## [Directions for this task]
Keep the wording of each record exactly the same when you repeat it, and leave out pictures.

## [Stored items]
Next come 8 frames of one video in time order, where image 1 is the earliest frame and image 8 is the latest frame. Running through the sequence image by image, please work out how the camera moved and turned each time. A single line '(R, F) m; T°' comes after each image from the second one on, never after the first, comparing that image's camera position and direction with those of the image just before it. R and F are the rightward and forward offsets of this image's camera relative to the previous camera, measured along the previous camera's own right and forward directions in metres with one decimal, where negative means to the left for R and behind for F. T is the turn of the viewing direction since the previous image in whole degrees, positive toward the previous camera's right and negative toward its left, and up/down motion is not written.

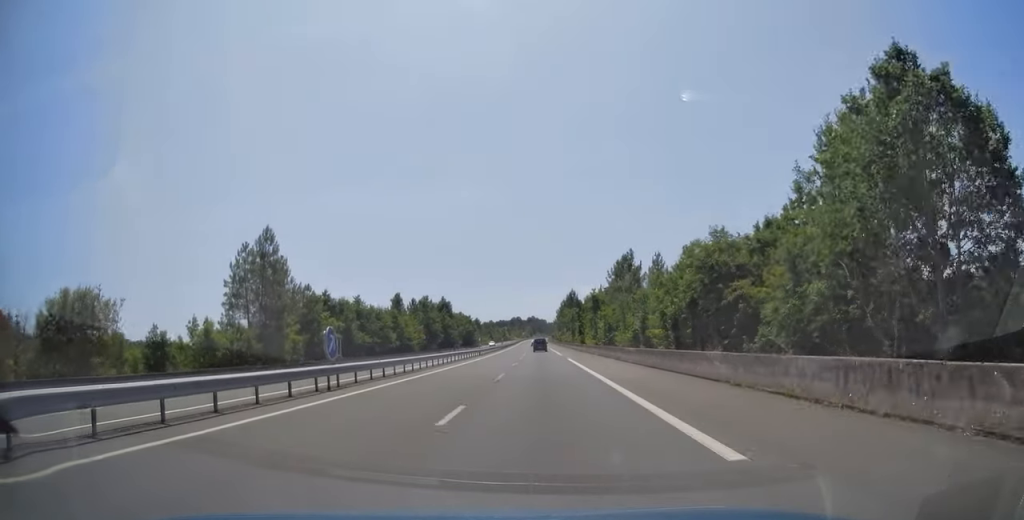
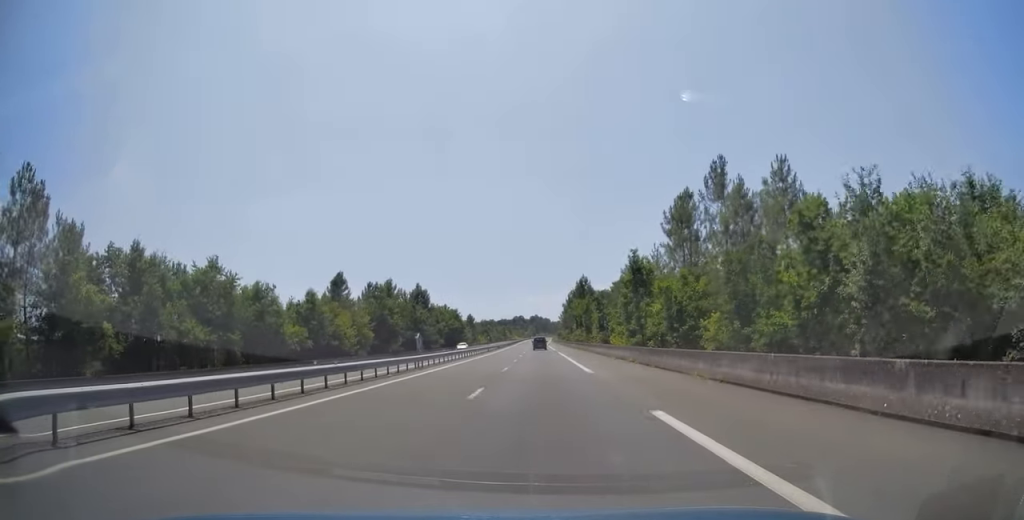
(-0.1, +35.1) m; 0°
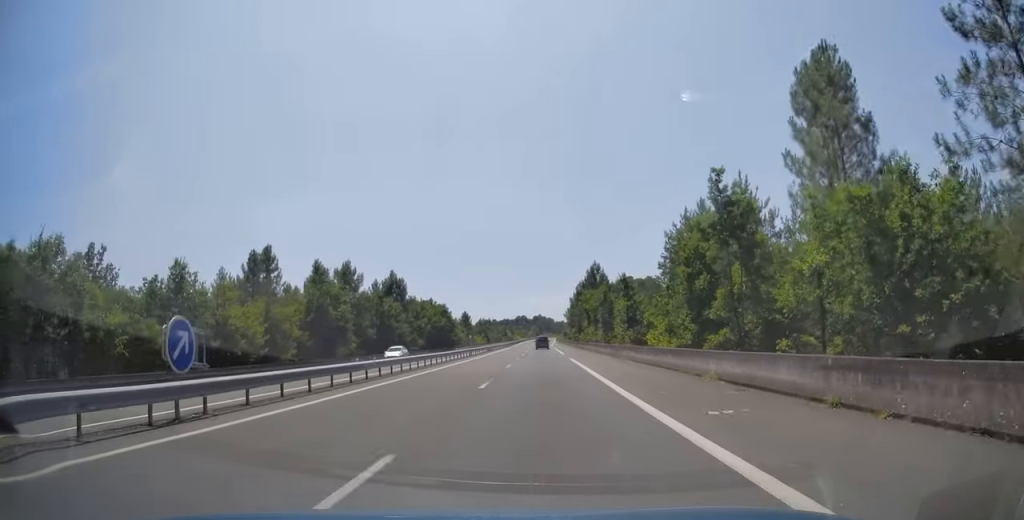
(+0.1, +23.5) m; 0°
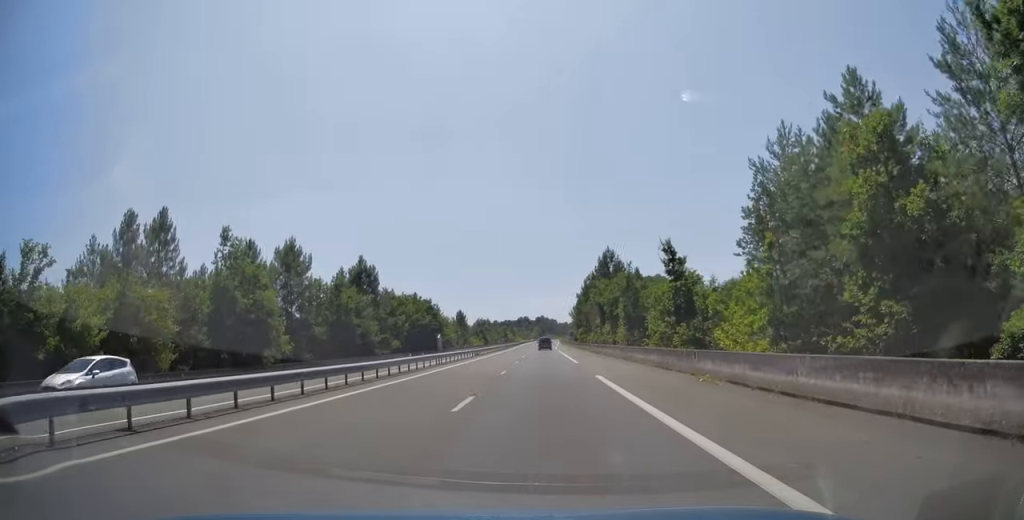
(-0.1, +18.8) m; 0°
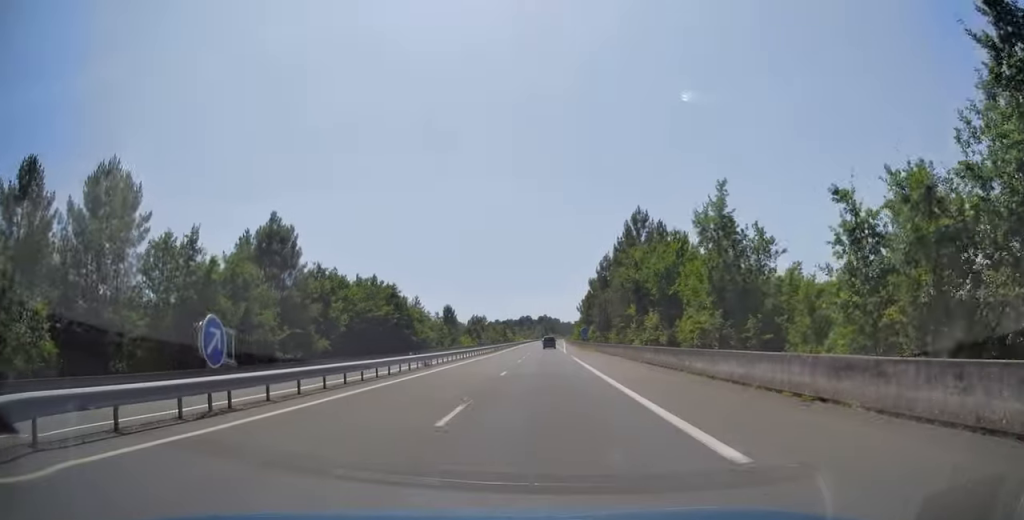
(-0.2, +28.7) m; 0°
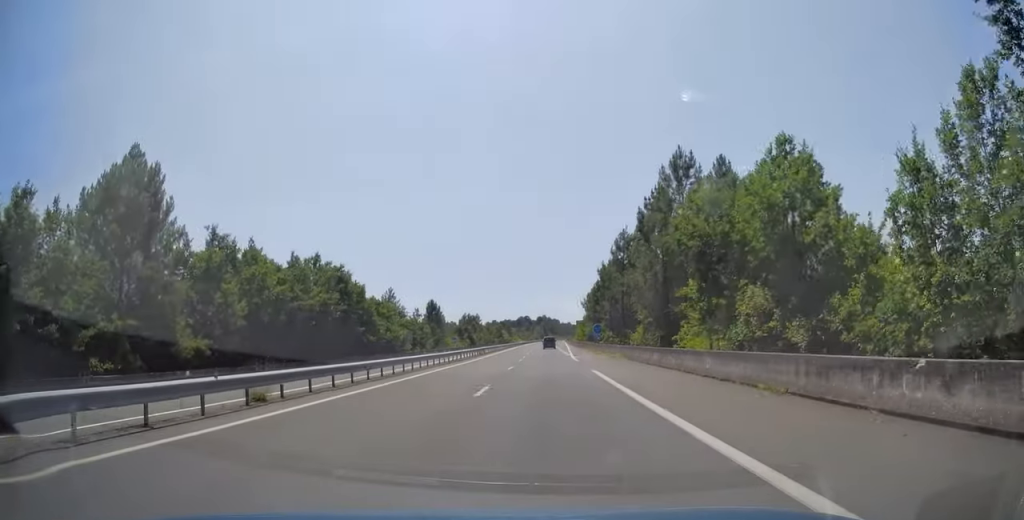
(-0.1, +21.4) m; 0°
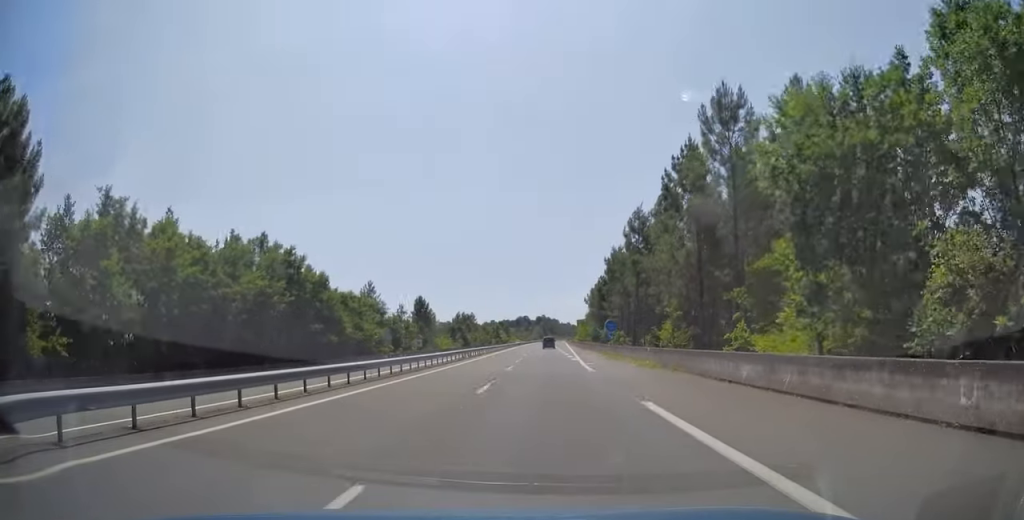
(+0.1, +12.5) m; 0°
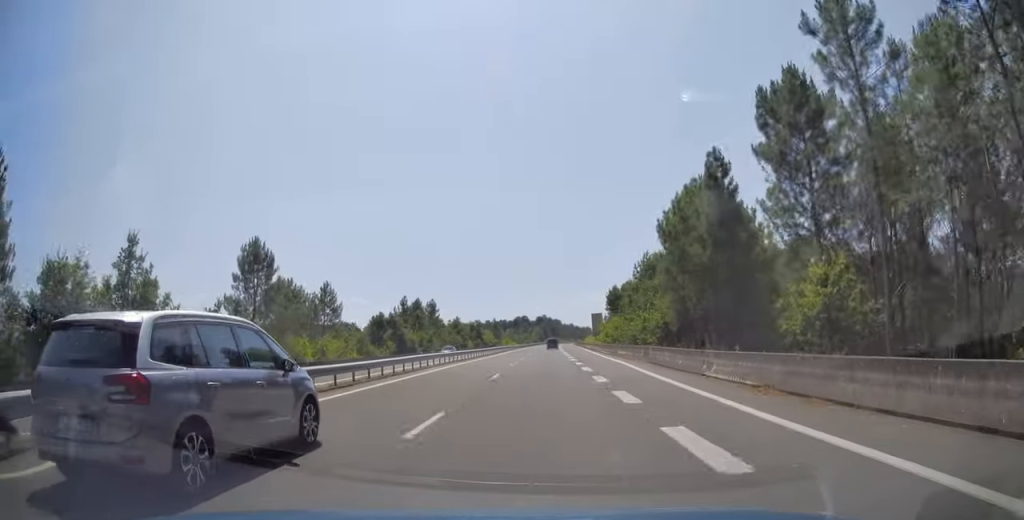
(0.0, +73.8) m; 0°

## [Result of the task]
Next come 8 frames of one video in time order, where image 1 is the earliest frame and image 8 is the latest frame. Running through the sequence image by image, please work out how the camera moved and turned each time. A single line '(R, F) m; T°' comes after each image from the second one on, never after the first, comparing that image's camera position and direction with those of the image just before it. R and F are the rightward and forward offsets of this image's camera relative to the previous camera, measured along the previous camera's own right and forward directions in metres with one decimal, where negative means to the left for R and behind for F. T is the turn of the viewing direction since the previous image in whole degrees, positive toward the previous camera's right and negative toward its left, and up/down motion is not written.

(-0.1, +35.1) m; 0°
(+0.1, +23.5) m; 0°
(-0.1, +18.8) m; 0°
(-0.2, +28.7) m; 0°
(-0.1, +21.4) m; 0°
(+0.1, +12.5) m; 0°
(0.0, +73.8) m; 0°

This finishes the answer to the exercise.